Begonnen hat das Projekt 1998. Die Zusammenarbeit mit den Betrieben, den Fachdiensten der Jugendsozialarbeit und den regionalen Netzwerken hat zu zahlreichen Kooperationen geführt, die der Integration junger Menschen in das Berufsleben nützlich war. „Im Mittelpunkt der Arbeit steht der junge Mensch, der entsprechend seinen individuellen Voraussetzungen gestärkt und gefördert wird“, betont die BIW.

Klientel aus dem Altkreis

In zunehmendem Maße – nämlich zwischen 30 und 40 Prozent – sind es seit einigen Jahren auch Jugendliche und junge Erwachsene aus dem Wittlager Land, die die Qualifizierungseinrichtung besuchen. Ein Umstand, der die drei Gemeinden Bad Essen, Bohmte und Ostercappeln im Sommer des vergangenen Jahres veranlasst hat, rückwirkend zum 1. Januar 2013 dem BIW-Trägerverein beizutreten. Der Jahresbeitrag, mit dem die Arbeit der BIW unterstützt wird, beträgt für jede Gemeinde 5000 Euro.

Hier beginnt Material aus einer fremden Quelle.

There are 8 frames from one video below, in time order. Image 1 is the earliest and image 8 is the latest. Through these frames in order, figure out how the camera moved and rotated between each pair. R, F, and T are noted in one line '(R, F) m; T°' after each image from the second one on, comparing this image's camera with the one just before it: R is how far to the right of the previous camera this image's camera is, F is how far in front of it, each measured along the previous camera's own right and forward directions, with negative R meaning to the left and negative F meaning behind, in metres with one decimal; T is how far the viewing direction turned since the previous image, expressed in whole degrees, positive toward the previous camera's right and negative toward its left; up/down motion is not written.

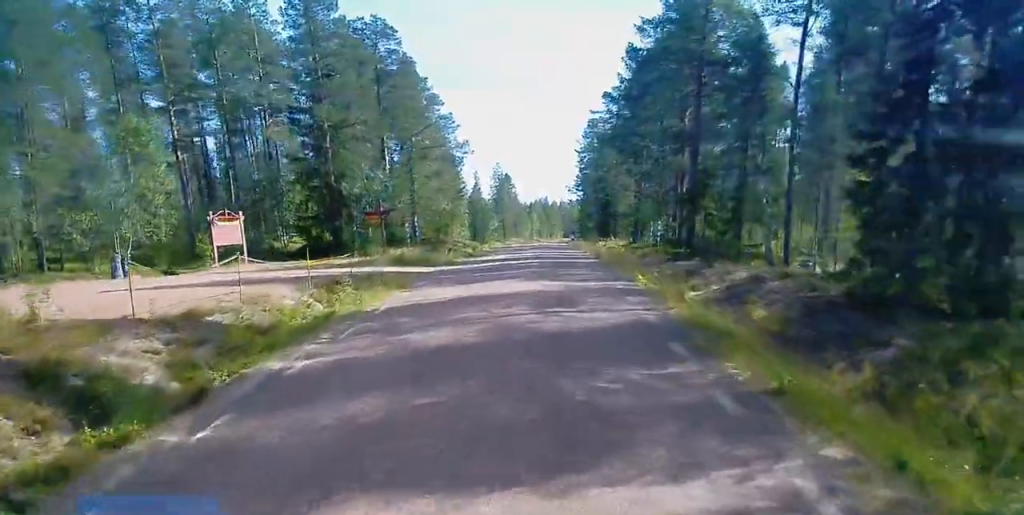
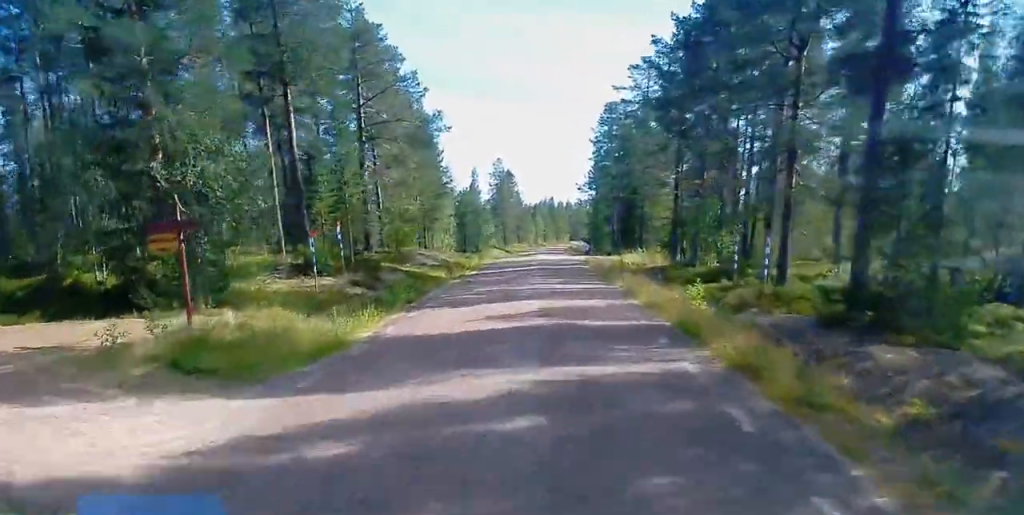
(0.0, +20.6) m; 0°
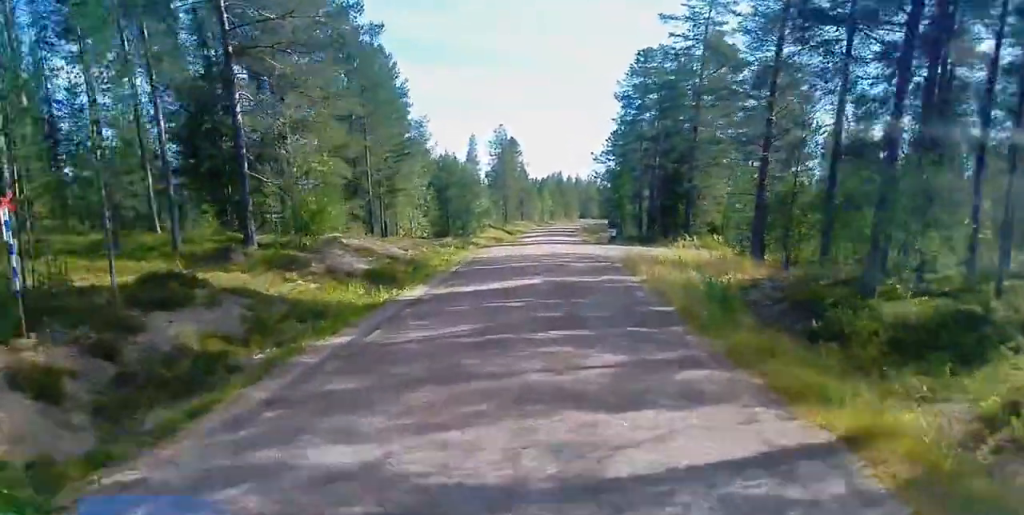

Die Kooperation der Kommunen mit der Einrichtung in Belm wird übrigens auch im Rahmen von Ilek, dem integrierten ländlichen Entwicklungskonzept, unterstützt.

Als Mitglied im Trägerverein unterstützt die Wittlager Gemeinde diese Aktivitäten. „Mit 735 Euro als Spende kann ein Teilnehmerplatz für ein Schuljahr gesichert werden“, merkt Ostercappelns Bürgermeister Rainer Ellermann an. „Wir würden uns daher freuen, wenn sich auch aus unserer Gemeinde weitere Förderer oder Sponsoren für diese Einrichtung finden würden.“

Viktor Hermeler ist in seiner Funktion als Bürgermeister der Vorsitzende im Förder- und Trägerverein BIW. Seine Stellvertreter sind Frank Hünefeld, stellvertretender Landrat, und Frank Imbusch, Geschäftsführer der Firma Altewichard in Belm. Gerhard Wienken ist Geschäftsführer.

Vor Kurzem hatten wie berichtet Georg Schirmbeck und Hartmut Nümann, die seit elf Jahren Vorsitzender beziehungsweise stellvertretender Vorsitzender waren, ihre Ämter abgegeben. Auch die langjährige Geschäftsführerin Sigrun Rindt hat sich zudem in die zweite Reihe zurückgezogen.